There is one coordinator and multiple participants.
- Note: The coordinator is just a role a server takes up for a single transaction
- So the coordinator and one of the participants may be in the same machine.
When a client issues a Write, the coordinator receives the request, and coordinates with all participants to commit or abort the transaction.
Since there can be machine failures, it is not possible to ensure all participants either abort or commit. So, we will relax the requirement.
Specifically,
- if one participant committed, then no participants should abort.
- if one participant aborted, then no participants should commit. ( This is just rephrasing the above statement)
- When one or more participants are committed [or aborted], the other participants can be in any state other than aborted [or committed] respectively.

It is impossible to guarantee termination in a consensus protocol with even a single node failure. This is commonly known as FLP impossibility theorem. See: https://groups.csail.mit.edu/tds/papers/Lynch/jacm85.pdf

Therefore we will only prove safety, not liveness.

Algorithm

The Two Phase Commit protocol has two phases:

Voting phase
1. The coordinator sends a Prepare message to all participants.
2. Participants respond with Prepared or Abort.
Completion phase
1. If all participants responded with Prepared, the coordinator sends Commit to all participants.
2. If any participant responded with Abort, the coordinator sends Abort to all participants.
3. Participants respond with Ack to the coordinator.

How to model it with FizzBee

For modeling distributed algorithms, unlike the implementation, we can do it at a higher level of abstraction. We do not even need to model the network, or the message passing.
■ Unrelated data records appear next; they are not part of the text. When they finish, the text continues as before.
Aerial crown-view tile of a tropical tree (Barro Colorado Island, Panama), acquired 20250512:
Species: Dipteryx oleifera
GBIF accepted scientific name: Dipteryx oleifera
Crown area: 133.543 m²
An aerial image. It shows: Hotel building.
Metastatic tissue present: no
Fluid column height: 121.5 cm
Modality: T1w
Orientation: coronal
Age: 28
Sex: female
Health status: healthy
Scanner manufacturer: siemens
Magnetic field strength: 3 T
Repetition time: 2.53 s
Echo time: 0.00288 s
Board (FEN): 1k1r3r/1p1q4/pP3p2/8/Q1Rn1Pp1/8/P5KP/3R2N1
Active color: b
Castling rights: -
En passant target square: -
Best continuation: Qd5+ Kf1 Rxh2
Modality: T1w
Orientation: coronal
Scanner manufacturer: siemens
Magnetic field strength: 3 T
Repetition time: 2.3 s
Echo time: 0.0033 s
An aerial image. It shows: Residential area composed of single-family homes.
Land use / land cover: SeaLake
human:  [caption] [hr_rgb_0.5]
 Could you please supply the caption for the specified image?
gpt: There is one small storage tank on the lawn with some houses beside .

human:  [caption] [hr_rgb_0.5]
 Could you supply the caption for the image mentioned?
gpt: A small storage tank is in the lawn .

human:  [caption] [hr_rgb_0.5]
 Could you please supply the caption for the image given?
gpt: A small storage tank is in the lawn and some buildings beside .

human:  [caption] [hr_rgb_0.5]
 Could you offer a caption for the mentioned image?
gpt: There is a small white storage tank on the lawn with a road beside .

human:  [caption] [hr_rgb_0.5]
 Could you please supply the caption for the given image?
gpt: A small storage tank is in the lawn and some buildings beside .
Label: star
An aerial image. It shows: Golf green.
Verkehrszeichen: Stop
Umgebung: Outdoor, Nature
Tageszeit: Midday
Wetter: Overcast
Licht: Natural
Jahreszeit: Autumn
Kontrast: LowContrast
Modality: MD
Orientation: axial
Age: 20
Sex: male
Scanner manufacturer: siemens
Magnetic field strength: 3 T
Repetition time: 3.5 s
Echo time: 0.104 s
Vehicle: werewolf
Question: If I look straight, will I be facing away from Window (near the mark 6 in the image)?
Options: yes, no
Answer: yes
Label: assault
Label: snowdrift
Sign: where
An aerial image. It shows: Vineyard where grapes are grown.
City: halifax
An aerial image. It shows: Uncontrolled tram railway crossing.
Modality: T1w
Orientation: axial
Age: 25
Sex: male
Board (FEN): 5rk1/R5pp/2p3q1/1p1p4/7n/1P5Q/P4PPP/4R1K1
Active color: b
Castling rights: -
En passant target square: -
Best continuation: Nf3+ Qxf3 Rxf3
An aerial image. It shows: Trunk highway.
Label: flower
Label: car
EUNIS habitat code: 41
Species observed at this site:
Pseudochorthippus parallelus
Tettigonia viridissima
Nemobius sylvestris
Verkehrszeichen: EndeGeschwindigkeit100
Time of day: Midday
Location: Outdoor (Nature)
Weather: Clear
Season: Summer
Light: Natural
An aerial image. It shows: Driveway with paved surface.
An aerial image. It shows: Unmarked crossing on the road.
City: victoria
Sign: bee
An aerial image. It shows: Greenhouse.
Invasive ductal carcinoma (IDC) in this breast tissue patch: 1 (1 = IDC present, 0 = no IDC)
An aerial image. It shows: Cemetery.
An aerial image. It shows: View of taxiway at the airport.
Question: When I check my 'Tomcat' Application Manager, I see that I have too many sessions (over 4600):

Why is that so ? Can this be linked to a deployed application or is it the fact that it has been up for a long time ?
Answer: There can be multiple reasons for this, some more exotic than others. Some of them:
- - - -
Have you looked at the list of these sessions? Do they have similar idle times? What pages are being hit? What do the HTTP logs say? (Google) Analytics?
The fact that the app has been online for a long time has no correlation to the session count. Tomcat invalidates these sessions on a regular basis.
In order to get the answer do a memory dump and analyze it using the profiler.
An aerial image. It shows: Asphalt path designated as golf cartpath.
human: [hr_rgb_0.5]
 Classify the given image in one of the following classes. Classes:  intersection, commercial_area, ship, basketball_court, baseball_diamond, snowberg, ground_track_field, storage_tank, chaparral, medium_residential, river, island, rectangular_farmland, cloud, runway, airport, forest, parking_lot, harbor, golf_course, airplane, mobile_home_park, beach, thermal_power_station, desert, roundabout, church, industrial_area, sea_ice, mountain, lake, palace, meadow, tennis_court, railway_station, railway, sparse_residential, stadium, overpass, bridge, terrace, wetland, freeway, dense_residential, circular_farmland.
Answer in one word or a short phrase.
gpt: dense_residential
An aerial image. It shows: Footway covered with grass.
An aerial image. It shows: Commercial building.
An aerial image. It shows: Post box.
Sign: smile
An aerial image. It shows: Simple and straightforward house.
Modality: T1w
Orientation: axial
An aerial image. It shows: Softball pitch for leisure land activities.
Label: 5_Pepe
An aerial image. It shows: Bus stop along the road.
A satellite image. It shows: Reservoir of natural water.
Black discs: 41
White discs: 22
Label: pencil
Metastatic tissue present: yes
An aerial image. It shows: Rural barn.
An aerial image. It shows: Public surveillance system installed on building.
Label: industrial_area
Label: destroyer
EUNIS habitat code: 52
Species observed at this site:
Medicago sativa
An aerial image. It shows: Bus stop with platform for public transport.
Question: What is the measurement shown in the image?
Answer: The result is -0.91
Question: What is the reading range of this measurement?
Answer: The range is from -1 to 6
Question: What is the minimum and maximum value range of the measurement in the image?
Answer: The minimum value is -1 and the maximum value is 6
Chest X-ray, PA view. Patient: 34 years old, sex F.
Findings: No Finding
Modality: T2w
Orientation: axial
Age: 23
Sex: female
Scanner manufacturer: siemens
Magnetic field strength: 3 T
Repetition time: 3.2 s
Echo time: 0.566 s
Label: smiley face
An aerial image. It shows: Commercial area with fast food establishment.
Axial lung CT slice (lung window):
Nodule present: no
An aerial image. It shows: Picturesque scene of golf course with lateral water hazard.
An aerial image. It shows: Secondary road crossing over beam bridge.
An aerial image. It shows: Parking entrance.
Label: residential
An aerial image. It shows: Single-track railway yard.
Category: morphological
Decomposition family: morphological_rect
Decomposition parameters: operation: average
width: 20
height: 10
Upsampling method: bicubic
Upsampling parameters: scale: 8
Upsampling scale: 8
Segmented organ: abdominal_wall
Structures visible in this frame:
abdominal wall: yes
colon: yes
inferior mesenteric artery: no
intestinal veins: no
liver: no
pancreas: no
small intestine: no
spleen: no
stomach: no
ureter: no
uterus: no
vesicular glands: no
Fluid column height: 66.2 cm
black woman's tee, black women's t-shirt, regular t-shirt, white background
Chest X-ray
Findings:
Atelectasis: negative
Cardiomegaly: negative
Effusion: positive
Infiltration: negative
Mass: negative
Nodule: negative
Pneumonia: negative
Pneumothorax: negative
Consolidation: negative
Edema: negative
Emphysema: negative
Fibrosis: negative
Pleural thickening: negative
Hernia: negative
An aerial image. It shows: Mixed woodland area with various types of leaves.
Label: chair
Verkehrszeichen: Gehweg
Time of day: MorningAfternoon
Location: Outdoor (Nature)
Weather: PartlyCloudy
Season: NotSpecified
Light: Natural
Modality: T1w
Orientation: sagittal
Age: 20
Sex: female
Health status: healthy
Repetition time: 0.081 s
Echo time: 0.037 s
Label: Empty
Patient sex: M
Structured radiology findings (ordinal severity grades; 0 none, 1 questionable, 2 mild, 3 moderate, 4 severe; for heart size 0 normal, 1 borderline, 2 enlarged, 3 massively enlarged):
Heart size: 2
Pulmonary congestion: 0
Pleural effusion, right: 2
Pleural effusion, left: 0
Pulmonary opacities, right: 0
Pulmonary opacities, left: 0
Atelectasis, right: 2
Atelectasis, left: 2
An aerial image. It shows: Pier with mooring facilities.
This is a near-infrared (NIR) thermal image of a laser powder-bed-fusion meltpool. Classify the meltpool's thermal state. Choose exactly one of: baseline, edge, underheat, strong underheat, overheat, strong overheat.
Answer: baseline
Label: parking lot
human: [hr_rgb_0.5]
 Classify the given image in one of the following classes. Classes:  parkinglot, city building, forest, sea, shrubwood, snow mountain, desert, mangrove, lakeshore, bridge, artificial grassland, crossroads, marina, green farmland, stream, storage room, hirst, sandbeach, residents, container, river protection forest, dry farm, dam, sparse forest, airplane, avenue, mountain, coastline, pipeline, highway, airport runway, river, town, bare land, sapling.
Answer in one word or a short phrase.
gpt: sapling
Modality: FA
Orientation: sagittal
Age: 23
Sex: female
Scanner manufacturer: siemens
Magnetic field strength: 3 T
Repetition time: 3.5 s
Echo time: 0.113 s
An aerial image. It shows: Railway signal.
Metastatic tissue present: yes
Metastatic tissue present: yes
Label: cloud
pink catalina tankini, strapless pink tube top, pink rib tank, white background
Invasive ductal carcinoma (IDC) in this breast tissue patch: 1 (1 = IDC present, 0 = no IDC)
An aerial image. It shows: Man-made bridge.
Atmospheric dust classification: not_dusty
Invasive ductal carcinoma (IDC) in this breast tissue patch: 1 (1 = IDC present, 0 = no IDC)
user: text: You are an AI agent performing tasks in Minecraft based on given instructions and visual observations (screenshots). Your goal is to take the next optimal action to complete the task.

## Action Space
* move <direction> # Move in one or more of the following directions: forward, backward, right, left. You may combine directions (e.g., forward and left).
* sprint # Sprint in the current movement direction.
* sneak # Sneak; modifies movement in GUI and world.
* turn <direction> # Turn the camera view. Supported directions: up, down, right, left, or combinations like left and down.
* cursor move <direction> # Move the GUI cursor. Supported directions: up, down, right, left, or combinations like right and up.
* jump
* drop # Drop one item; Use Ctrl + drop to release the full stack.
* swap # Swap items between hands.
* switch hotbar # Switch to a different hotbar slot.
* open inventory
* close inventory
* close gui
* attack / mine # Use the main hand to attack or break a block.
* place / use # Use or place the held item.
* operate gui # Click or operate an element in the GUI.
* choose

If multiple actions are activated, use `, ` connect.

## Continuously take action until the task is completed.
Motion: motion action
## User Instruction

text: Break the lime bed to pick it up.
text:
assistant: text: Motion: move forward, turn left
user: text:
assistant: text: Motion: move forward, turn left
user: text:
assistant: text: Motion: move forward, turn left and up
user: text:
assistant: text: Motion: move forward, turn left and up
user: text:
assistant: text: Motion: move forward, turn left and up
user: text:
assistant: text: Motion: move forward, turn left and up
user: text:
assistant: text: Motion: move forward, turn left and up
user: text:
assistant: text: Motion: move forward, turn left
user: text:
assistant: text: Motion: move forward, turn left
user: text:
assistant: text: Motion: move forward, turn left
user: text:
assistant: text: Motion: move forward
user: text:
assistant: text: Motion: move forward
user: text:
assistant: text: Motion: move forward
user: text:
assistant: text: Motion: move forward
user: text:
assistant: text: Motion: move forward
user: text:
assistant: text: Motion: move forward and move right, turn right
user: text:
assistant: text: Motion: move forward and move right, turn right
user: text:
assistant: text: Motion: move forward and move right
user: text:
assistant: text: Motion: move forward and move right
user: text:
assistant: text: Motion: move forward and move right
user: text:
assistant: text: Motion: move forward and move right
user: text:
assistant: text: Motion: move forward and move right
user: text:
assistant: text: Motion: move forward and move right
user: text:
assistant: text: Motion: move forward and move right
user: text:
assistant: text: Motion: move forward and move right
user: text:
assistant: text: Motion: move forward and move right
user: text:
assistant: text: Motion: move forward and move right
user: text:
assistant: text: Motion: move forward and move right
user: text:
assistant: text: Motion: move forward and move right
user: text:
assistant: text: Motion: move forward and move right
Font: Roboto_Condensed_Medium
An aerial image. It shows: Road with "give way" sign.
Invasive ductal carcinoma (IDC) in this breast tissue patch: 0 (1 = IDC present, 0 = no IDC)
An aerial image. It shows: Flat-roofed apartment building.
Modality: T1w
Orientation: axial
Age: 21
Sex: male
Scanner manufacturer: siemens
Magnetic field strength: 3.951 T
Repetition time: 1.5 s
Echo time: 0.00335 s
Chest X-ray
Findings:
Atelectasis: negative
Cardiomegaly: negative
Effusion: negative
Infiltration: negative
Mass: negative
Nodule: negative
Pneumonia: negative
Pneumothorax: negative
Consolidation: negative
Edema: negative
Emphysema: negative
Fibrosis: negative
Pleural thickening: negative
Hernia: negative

Instead we can put it in a single shared variable that all participants can access. Lamport has shown that we can model distributed algorithms proving this accurately models message passing.

Implementation

As noted before, in this implementation we will implement this similar to TLA+’s functional style where every action is atomic. We will include procedural style like PlusCal and object-oriented style like P in future examples.

States

action Init:
  # transaction manager state, starts in init state
  tmState = 'init'
  # 2 participants, starts in working state
  rmState = {1: 'working', 2:'working', 3:'working'}
  
  # set of participants that have responded with Prepared
  tmPrepared = set([])
  
  # set of all the messages in the system
  # Since we are specifying only safety, a process is not    *)
  # required to receive a message, so there is no need to model message *)
  # loss.  (There's no difference between a process not being able to   *)
  # receive a message because the message was lost and a process simply *)
  # ignoring the message.)
msgs = set([])

Safety invariants

This must be obvious, the body of the assertion is Plain Old Python that returns a boolean.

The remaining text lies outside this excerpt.